WHAT IS EXPECTED: Transcribe all the entries word for word, omitting any pictures they contain.

DATA EXCERPTS:
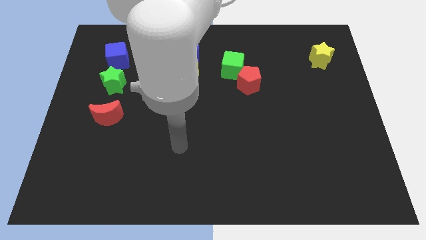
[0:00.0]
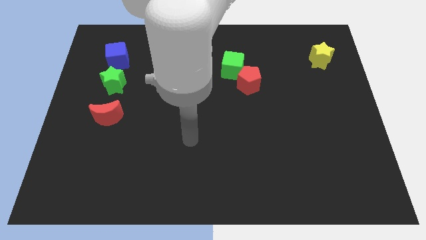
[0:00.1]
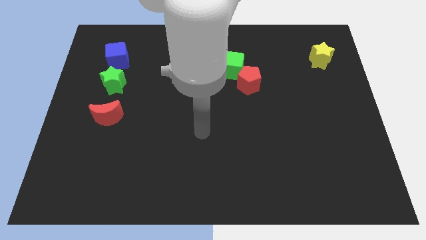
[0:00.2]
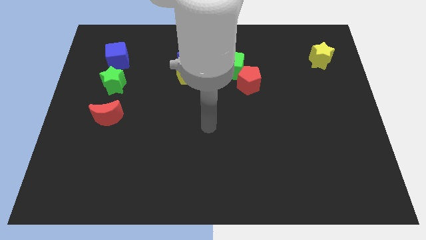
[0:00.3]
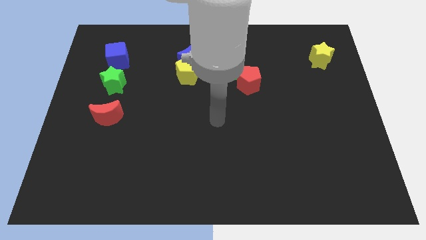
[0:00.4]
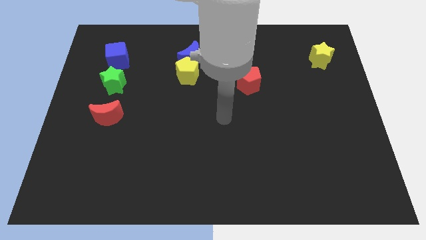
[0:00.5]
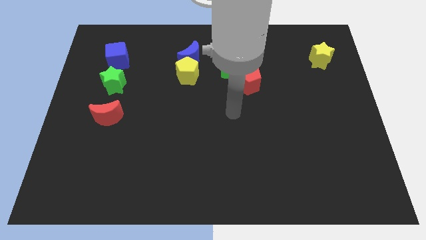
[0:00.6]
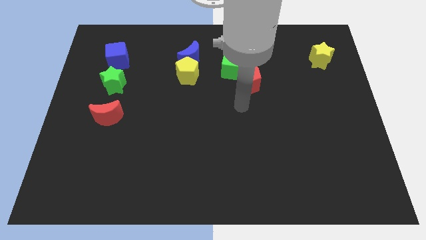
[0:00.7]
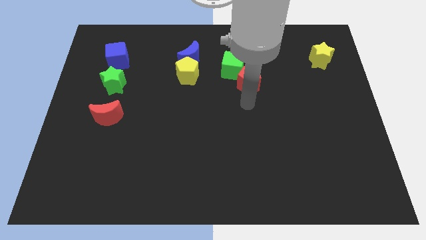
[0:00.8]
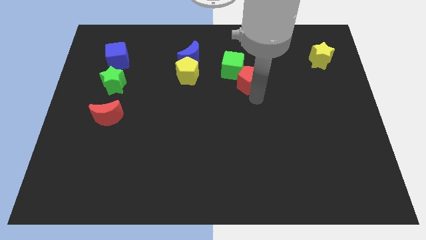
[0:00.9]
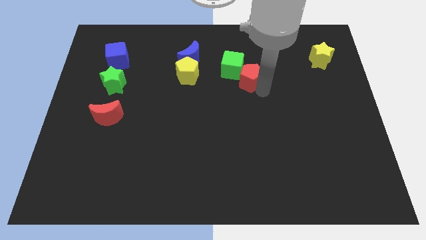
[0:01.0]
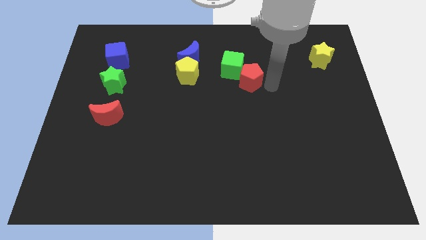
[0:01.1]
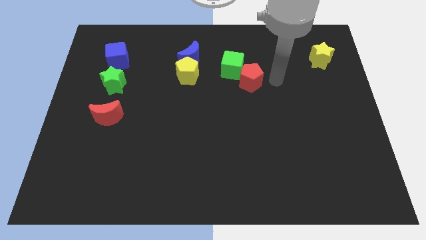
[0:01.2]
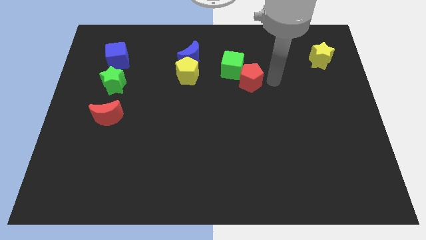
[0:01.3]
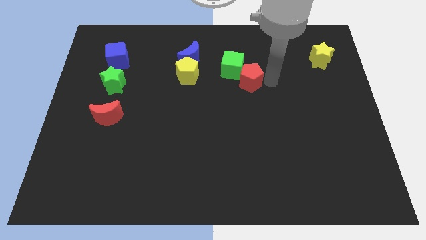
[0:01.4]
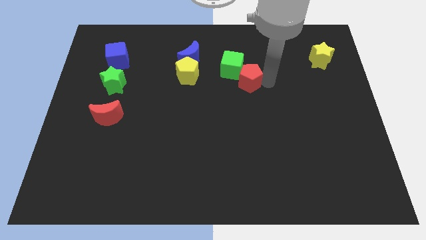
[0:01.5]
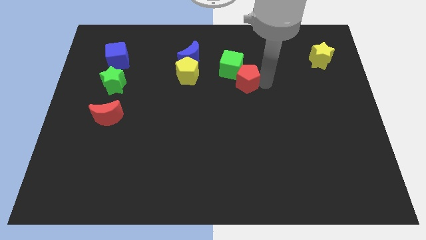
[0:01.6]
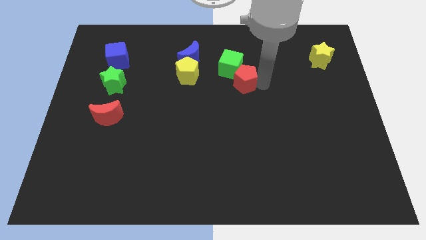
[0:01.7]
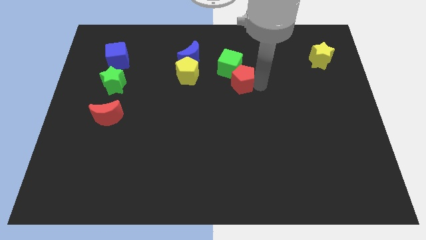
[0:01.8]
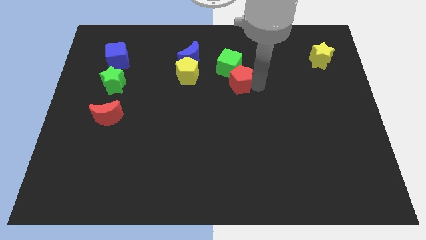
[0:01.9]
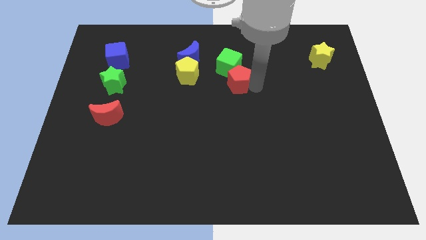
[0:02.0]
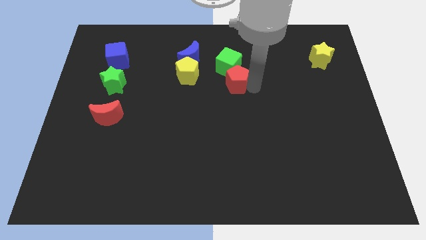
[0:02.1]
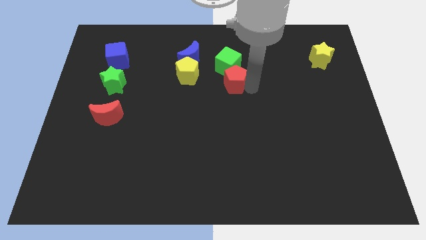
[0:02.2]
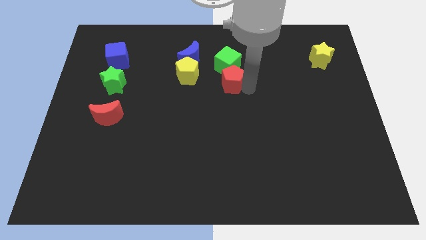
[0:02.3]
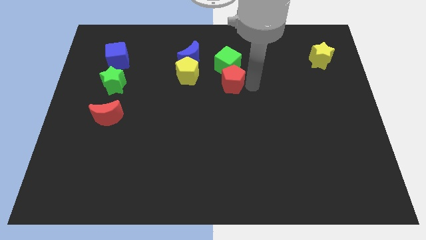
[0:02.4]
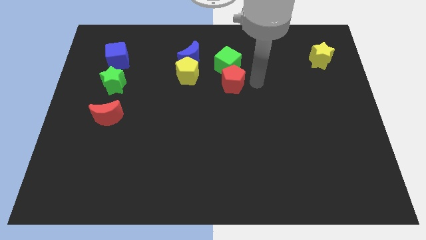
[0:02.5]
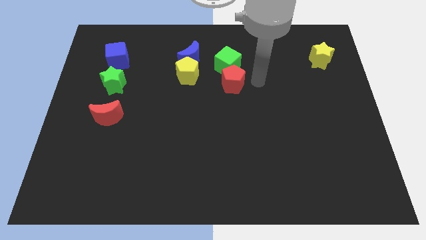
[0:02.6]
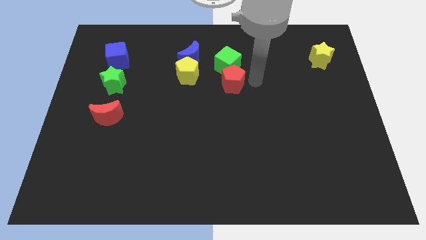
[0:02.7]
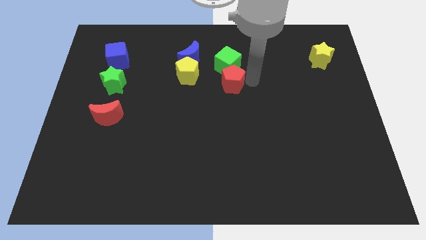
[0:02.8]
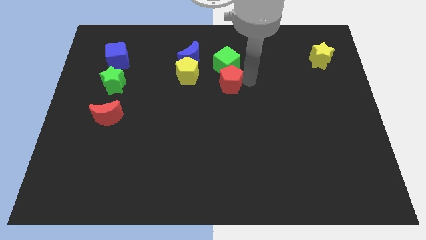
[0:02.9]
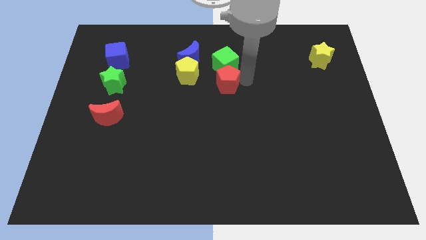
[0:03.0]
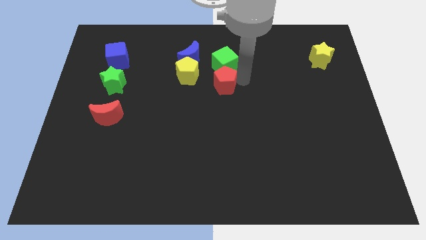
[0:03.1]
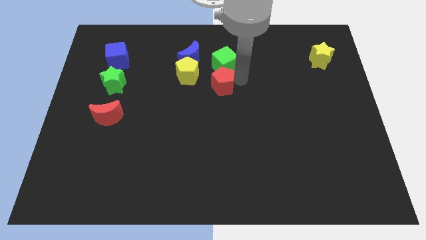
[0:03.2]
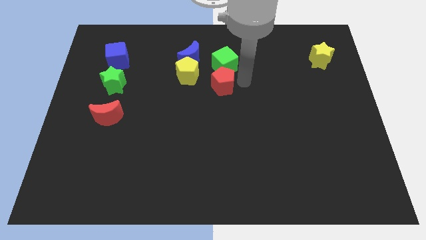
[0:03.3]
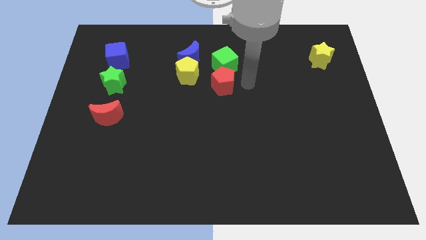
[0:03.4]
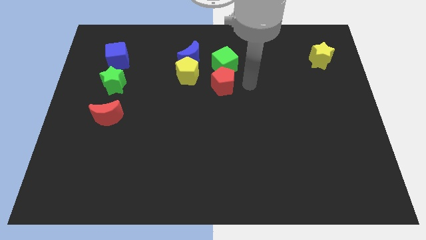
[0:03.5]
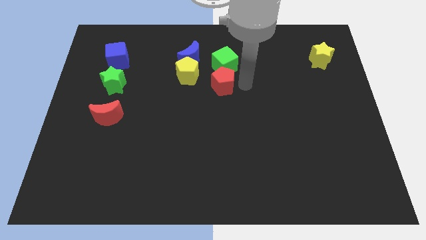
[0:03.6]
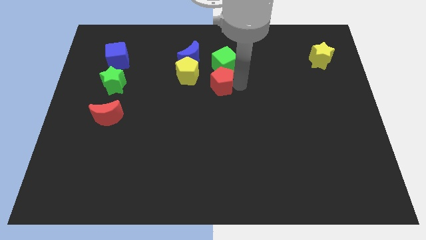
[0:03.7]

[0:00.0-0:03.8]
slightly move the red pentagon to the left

ANSWER TO THE PROBLEM:
[0:00.0]
[0:00.1]
[0:00.2]
[0:00.3]
[0:00.4]
[0:00.5]
[0:00.6]
[0:00.7]
[0:00.8]
[0:00.9]
[0:01.0]
[0:01.1]
[0:01.2]
[0:01.3]
[0:01.4]
[0:01.5]
[0:01.6]
[0:01.7]
[0:01.8]
[0:01.9]
[0:02.0]
[0:02.1]
[0:02.2]
[0:02.3]
[0:02.4]
[0:02.5]
[0:02.6]
[0:02.7]
[0:02.8]
[0:02.9]
[0:03.0]
[0:03.1]
[0:03.2]
[0:03.3]
[0:03.4]
[0:03.5]
[0:03.6]
[0:03.7]

[0:00.0-0:03.8]
slightly move the red pentagon to the left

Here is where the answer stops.